Today is his first day at a daycare.
They are sitting together in his car, Spiro in a car seat, Kelley trying to unfasten the restraints using his smartphone.
It was never lost on Kelley what the rest of the day would entail: the daycare teacher picking him up and handing him to someone else so that she could pick up the next, the disdain wrought upon the faces of these caretakers as they awaken him to join the others, the very high-level details they will present of his day as if scripted.
“He was great. Thank you.”
The restraints came off. He lifted the boy out of the vehicle and set him standing on the ground. The boy wanted to run, but Kelley had him by the shoulders.
“Hey buddy, one moment alright?”
He wanted to tell him something.
“I promise you, it’ll be just a second.”
Before setting his boy into the reality that is the world, now, as they stood at its gates, he needed him to know.
“You’re alright, son.”
He was staring into his crystal blue pupils.

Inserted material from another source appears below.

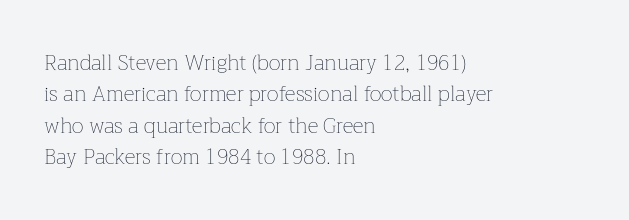
The image shows 21 px text type, upright; set left-aligned, normal line spacing (1.49x), normal letter spacing, not underlined.

“Now, you listen to me. You’re not purple. You’re not good or bad, a success or a defect. You’re not anything anyone ordered from some menu in a lab.”
The boy was obviously confused. He pulled him closer.
“You’re loved, and that’s all that matters.”
His office is on the fifteenth floor; he’s now a process designer with clients ranging from anything other than ranching, making half of what he used to back at the lab, and he saves every dime he could spare so that his son may go to trade school.
He uploads a photo of Spiro to his desktop. It’s a photo of his first day at the daycare. He will change it many times as the boy gets older throughout his lifetime, too.
Sporting events, graduations, vacations, all the firsts that make up a life; one lived as a human being and nothing less.